O fundador da Fundação Fenix, Emiliano Gomes, garante que a empresa que atua na Tailândia é líder em pesquisas com células-tronco adultas, com controle de qualidade e certificações internacionais de segurança. “As células estaminais Beike têm sido usadas em mais de 16 mil pacientes, sem efeitos adversos”, diz.
A pediatra Ana Lúcia Langer, que durante anos foi diretora clínica da Associação Brasileira de Distrofia Muscular e atualmente integra a equipe do Centro de Estudos Genoma Humano, da USP, afirma que não há estudos que comprovem a eficácia das aplicações de células-tronco na Tailândia. “O tratamento com células-tronco ainda não é uma coisa para agora.”
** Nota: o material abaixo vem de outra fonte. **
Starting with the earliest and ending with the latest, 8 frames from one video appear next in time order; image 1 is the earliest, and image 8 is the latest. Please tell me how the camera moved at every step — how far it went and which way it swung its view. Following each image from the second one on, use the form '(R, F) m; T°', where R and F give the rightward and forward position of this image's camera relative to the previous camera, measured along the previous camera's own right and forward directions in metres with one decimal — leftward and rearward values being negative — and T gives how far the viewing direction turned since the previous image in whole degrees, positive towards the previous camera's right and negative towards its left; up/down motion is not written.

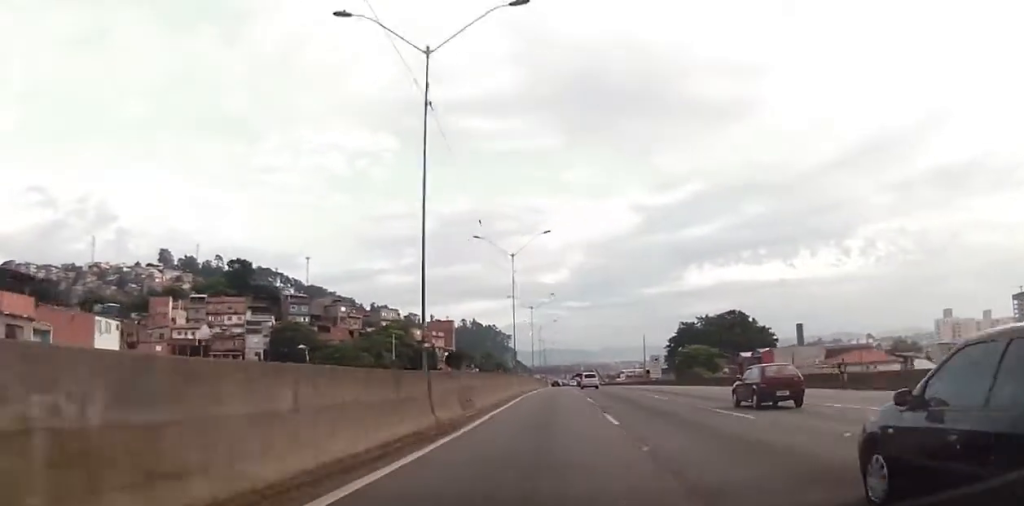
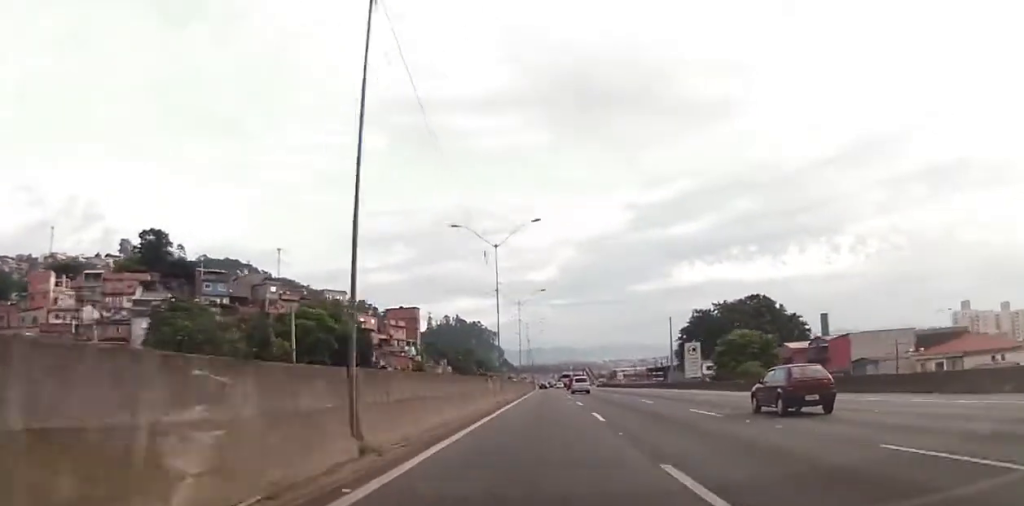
(+0.1, +41.2) m; 0°
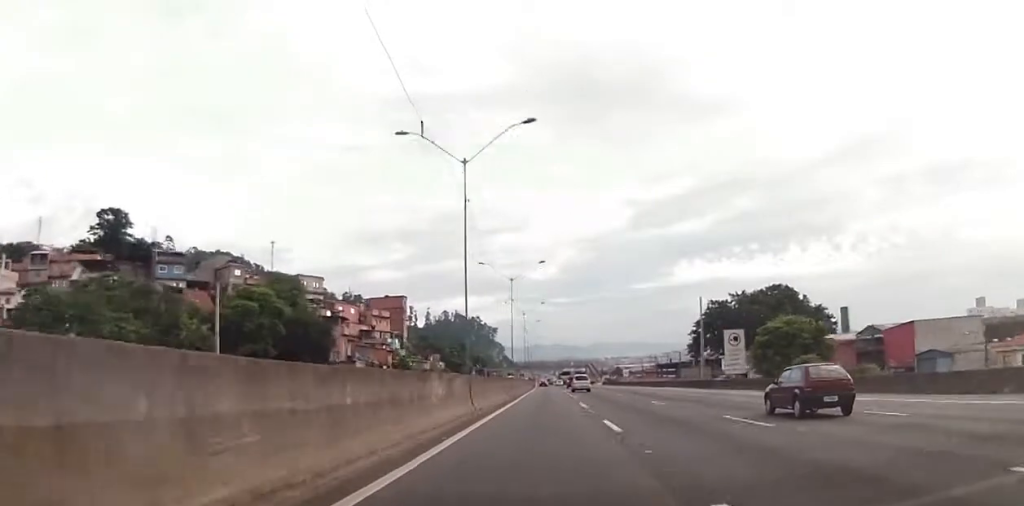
(-0.1, +18.4) m; 0°
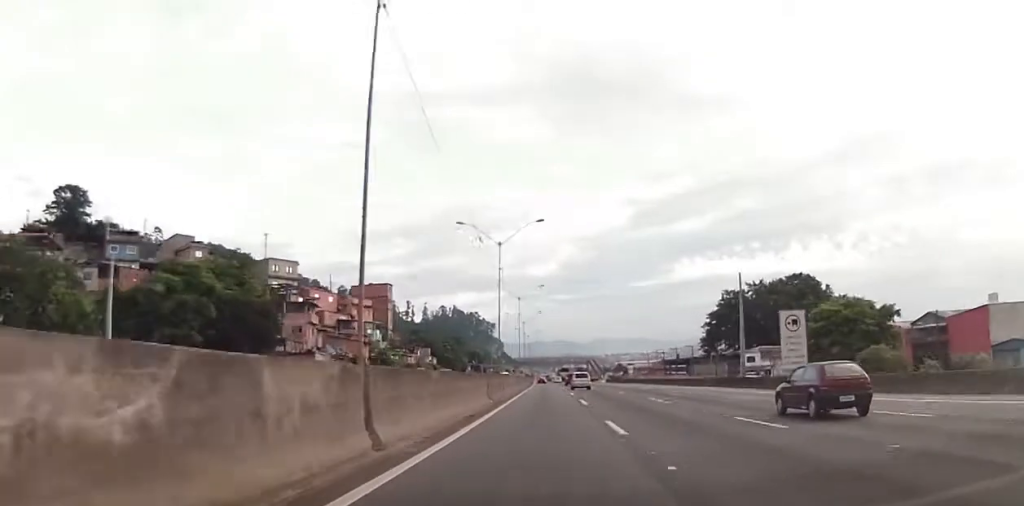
(-0.2, +15.8) m; 0°
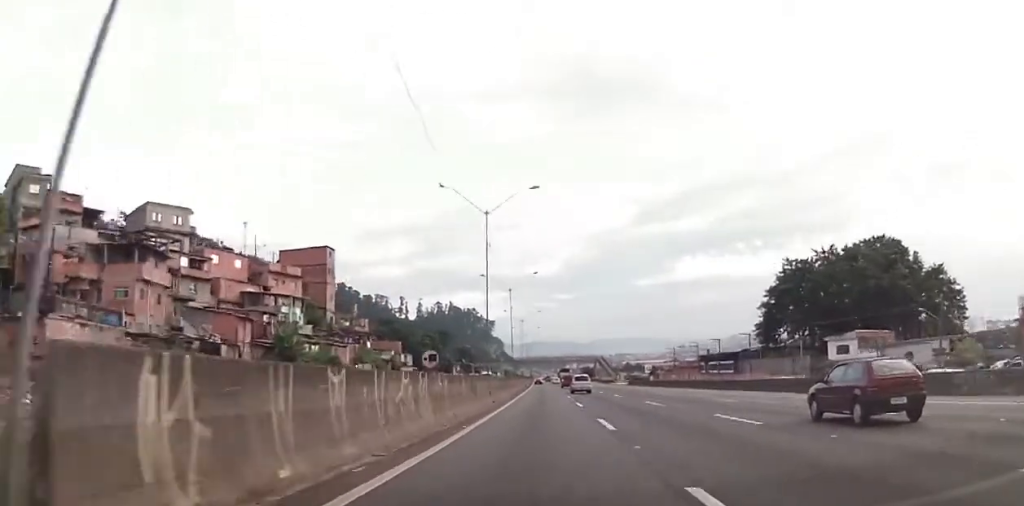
(+0.6, +43.4) m; 0°
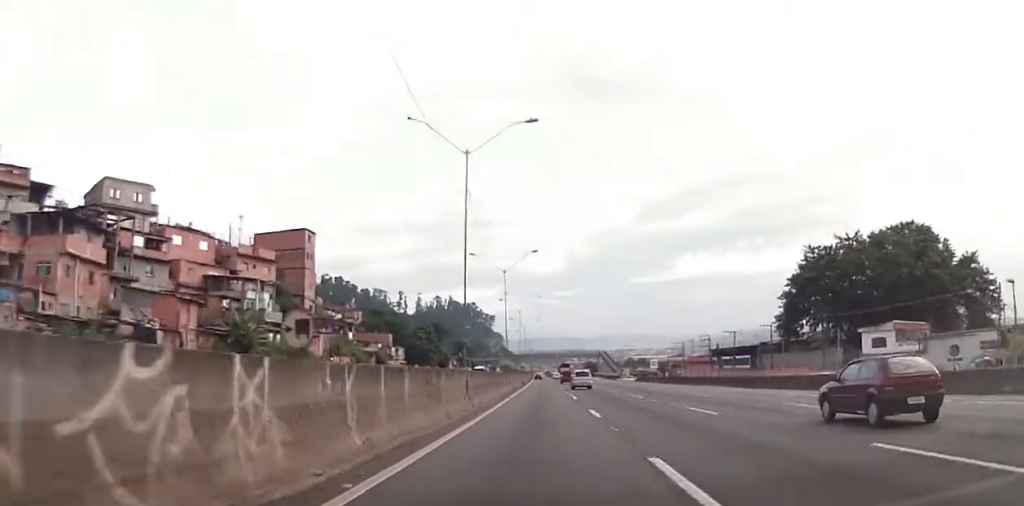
(0.0, +10.7) m; 0°
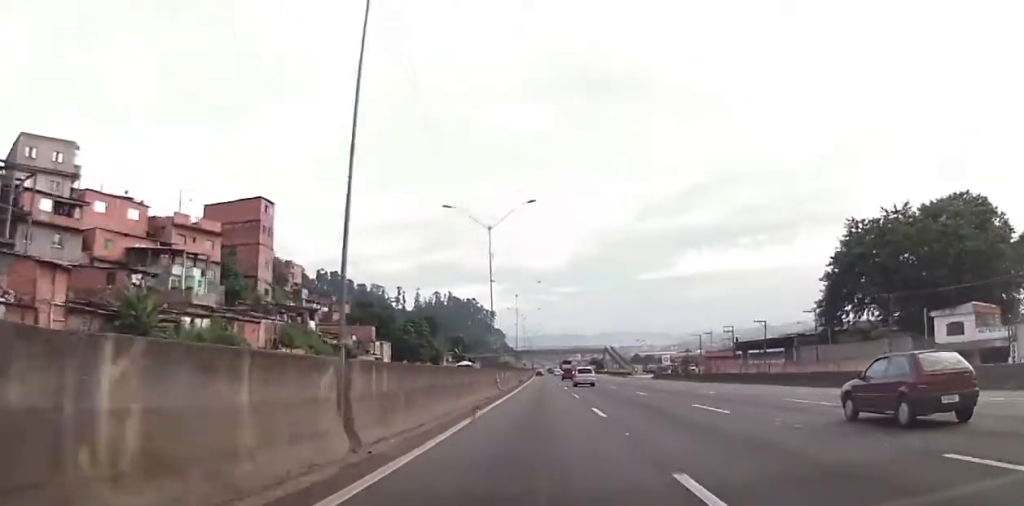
(-0.2, +17.0) m; 0°
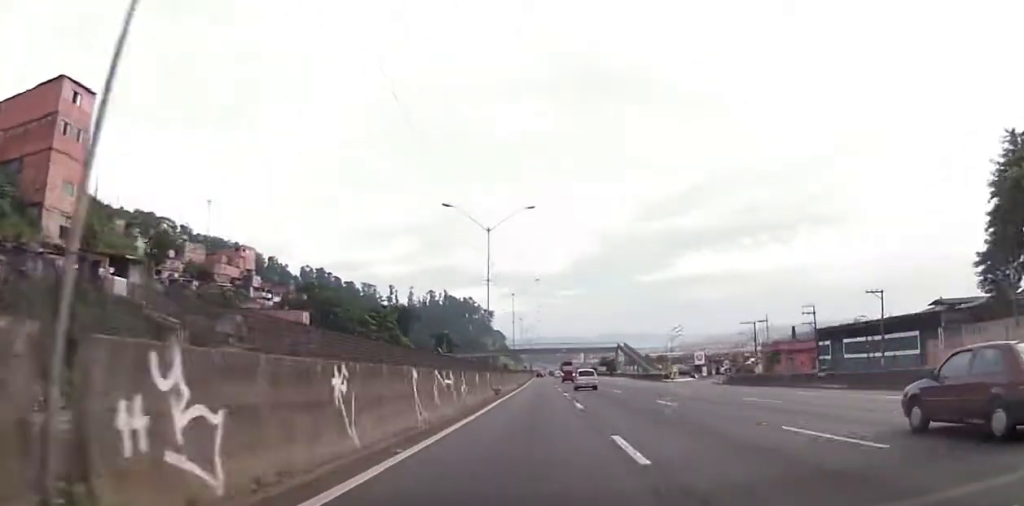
(+0.4, +39.8) m; +1°

A pneumologista pediátrica Patrícia Dahan, responsável por acompanhar a condição respiratória de Victor no Hospital Universitário da UFJF, explica que, embora não conheça a fundo o tratamento na Tailândia, há estudos que comprovam os benefícios do uso de células-tronco em pacientes com distrofia muscular de Duchenne. O tratamento tem permitido o retorno de alguns movimentos, aumentando a qualidade de vida do portador da doença. “O problema da célula-tronco é que ainda não temos estudos a longo prazo. Do mesmo jeito que ela pode assumir a forma de uma célula que a gente quer, ela pode se transformar em uma célula cancerígena. Mas o que interessa para os pacientes que têm distrofia muscular de Duchenne é o curto prazo. Se levarmos em conta que a expectativa de vida para eles varia de 18 a 25 anos, o que puder aumentar esse prazo é válido.”
Em Juiz de Fora, o HU atende a outros casos da distrofia muscular de Duchenne. Os pacientes desse tipo de doença costumam ser acompanhados por profissionais das áreas de fisioterapia, cardiologia, pneumologia e neurologia. A médica explica que a cura ainda não foi alcançada, mas que a expectativa é de que Victor possa ter de volta alguns movimentos básicos que lhe permitam, por exemplo, cuidar da própria higiene pessoal. “Ele não vai chegar no Brasil andando”, reconhece a mãe. “E ele sabe disso”, reforça o pai. “Mas pelo menos poderia andar com andador”, espera Victor.
As doações para a campanha que a família de Victor lançou para custear o tratamento podem ser feitas para uma conta poupança no nome de Victor Araujo Lage Siqueira na Caixa Econômica Federal (Agência 2419 / Conta 00011908-9 / Operação 013 / CPF 105.839.536-03).